▶ [Data supplied]:
•••••

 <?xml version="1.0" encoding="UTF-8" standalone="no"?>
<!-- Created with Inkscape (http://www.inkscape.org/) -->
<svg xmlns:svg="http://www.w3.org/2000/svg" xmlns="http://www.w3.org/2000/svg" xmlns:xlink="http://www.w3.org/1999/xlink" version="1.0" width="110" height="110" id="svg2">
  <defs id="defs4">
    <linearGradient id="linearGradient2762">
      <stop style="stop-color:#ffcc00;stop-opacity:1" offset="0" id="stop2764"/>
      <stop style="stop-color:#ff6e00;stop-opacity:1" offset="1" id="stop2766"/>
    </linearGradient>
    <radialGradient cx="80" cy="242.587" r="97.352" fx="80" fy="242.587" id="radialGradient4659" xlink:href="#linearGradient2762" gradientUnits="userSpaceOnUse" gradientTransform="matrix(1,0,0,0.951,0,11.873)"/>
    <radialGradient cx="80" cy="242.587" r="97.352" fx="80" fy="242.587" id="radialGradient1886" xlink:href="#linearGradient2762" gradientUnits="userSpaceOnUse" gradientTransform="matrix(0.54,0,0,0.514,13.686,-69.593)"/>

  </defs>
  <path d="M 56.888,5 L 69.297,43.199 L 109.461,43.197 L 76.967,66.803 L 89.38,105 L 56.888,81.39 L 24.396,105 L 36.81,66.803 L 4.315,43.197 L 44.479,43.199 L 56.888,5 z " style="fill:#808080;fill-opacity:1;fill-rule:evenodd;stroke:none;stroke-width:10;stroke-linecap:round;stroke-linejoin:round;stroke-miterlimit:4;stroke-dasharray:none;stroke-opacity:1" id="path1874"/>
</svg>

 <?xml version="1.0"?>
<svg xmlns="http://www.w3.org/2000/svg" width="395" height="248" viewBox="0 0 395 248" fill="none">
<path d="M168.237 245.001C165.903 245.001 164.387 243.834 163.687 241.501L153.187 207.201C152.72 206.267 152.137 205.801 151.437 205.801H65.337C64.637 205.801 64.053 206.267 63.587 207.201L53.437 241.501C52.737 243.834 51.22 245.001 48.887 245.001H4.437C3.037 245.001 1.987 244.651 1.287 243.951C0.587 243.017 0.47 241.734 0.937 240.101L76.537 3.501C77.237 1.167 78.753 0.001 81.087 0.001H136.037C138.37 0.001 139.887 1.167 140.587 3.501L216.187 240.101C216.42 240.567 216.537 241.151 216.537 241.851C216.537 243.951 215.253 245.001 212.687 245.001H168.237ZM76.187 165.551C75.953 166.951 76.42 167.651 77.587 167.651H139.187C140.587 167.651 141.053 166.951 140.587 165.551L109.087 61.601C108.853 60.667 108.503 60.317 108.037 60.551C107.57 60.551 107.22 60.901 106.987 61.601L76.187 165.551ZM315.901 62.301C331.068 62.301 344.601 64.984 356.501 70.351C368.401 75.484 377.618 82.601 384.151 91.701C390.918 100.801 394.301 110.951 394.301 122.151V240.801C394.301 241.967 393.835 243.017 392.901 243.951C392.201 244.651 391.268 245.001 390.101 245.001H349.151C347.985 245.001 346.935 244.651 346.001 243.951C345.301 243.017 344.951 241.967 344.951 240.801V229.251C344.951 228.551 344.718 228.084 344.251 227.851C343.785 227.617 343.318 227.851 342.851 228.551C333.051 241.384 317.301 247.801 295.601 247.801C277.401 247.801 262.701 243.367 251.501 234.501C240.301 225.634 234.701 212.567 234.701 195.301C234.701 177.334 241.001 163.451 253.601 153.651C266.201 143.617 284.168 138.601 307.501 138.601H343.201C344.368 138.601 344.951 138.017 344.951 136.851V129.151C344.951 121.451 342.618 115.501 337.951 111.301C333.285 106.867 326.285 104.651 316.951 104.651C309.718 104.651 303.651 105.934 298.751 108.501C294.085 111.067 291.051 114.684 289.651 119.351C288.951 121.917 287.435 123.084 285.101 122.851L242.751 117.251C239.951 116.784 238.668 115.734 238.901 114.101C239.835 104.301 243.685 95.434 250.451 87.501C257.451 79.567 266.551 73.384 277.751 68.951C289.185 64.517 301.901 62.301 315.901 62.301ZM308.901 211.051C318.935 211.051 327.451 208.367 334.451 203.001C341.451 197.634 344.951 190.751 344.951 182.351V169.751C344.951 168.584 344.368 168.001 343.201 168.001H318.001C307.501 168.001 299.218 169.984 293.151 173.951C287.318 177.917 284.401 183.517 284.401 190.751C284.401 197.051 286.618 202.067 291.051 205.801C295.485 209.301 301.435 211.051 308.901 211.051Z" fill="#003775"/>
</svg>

•••••

▶ [Assigned task]:
In the data above, which lines include "style"? Return those lines.

▶ [Solution]:
      <stop style="stop-color:#ffcc00;stop-opacity:1" offset="0" id="stop2764"/>
      <stop style="stop-color:#ff6e00;stop-opacity:1" offset="1" id="stop2766"/>
  <path d="M 56.888,5 L 69.297,43.199 L 109.461,43.197 L 76.967,66.803 L 89.38,105 L 56.888,81.39 L 24.396,105 L 36.81,66.803 L 4.315,43.197 L 44.479,43.199 L 56.888,5 z " style="fill:#808080;fill-opacity:1;fill-rule:evenodd;stroke:none;stroke-width:10;stroke-linecap:round;stroke-linejoin:round;stroke-miterlimit:4;stroke-dasharray:none;stroke-opacity:1" id="path1874"/>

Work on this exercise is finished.